We walked together about the old part of the city, once a walled-in city, the walls mostly ruins.

            He said to me, “No, I can’t believe in God, I can’t. Over the centuries, an untold, a truly untold number of prayers have been said to God for God’s help, and I can’t understand why God hasn’t answered every single one if God is a loving God. If God has answered some, they’re very few compared to those untold number of prayers that were not answered, prayers cried out by the desperate for God’s help, whole walled-in cities crying out for God to deliver them from massacre. And I won’t accept that God is testing our faith. The test is unreasonable, and if there is a God, God is supposed to be a reasonable as well as a loving God. No, no.”    

            I asked him, “Did you once believe?”

            And he answered, “I once believed.”

            “And you stopped believing.”

            “I more than said a prayer, I implored in prayer for God’s help, and God didn’t help.” He laughed. “I needed God’s help as a matter of life and death.”

            “Yours?”

            “Someone else’s life or death.”

            “And this someone else died.”

            “Died.”

            I said, “The streets of this city once ran with blood, rivulets of blood along the gutters.”

            He was insistent: “And God did not help not even one prayer by one old woman hiding in a doorway to be saved.”

            He stopped to study the old worn stone paving.

            “I’m very tired,” he said.

            “You’re in mourning.”

            “Yes, mourning.”

            “I’m sorry.”

            “If only God had saved him,” he said.  “If only God had shown proof—what I would have taken as proof—of God’s existence by answering my fervent prayer. I so wanted him to live.  I so needed him to live.  I felt the world, the whole world, needed him to live for proof of God’s existence for the world.  I would have let the world know, God exists, God answered my prayer, I would have gone around the world, gone around with him, alive, to every city, to let everyone know that I had proof, that God saved my loved one, there beside me.” He asked, “Do I sound crazy?”

            I wondered if he was, but I answered, “No.”

            “The vast, vast number, the untold number of those who, over centuries and centuries, of all religions, all, pleaded in prayer for God to help, and God didn’t. And I’m among them now, I’m one with them.”

I thought: I can’t help him.

 “Thank you,” he said, “thank you for listening to me. Thank you.”

I didn’t leave.

He said, “You see, he believed in prayer. Up until the end, he prayed.  He prayed and prayed.  You should have seen him in the end, as thin as a saint in the highest state of grace, shining, yes, shining right through his bones and skin, and smiling as he prayed.
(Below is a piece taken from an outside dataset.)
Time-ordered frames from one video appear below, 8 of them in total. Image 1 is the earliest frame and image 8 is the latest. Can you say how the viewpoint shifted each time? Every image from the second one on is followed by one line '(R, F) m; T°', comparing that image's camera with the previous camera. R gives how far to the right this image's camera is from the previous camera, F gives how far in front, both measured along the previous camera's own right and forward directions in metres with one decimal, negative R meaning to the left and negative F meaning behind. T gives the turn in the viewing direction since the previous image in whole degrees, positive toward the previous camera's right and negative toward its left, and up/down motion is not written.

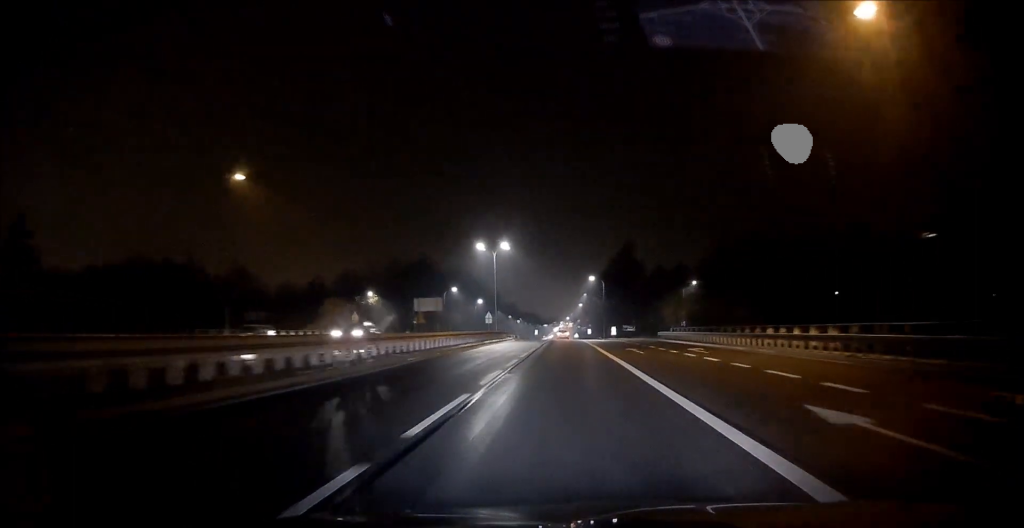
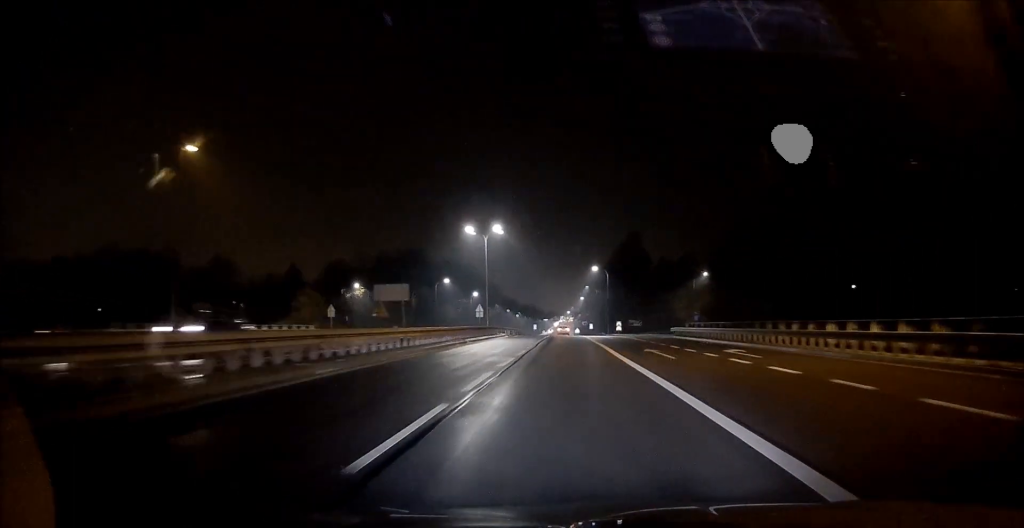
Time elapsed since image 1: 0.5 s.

And up until the end I thought that the miracle might happen, that he would be restored to the full-bodied beauty he was, my Love, my Love, restored to his great beauty, my Love, restored to in his great beauty back into my arms, and I, I would love him all the more, my Love,  because I would believe that God saved him, that he was proof that there was a God.”

I reached out a hand to shake his before leaving him.

He said, “And now I want to tell everyone, tell the whole world, that there is no God.”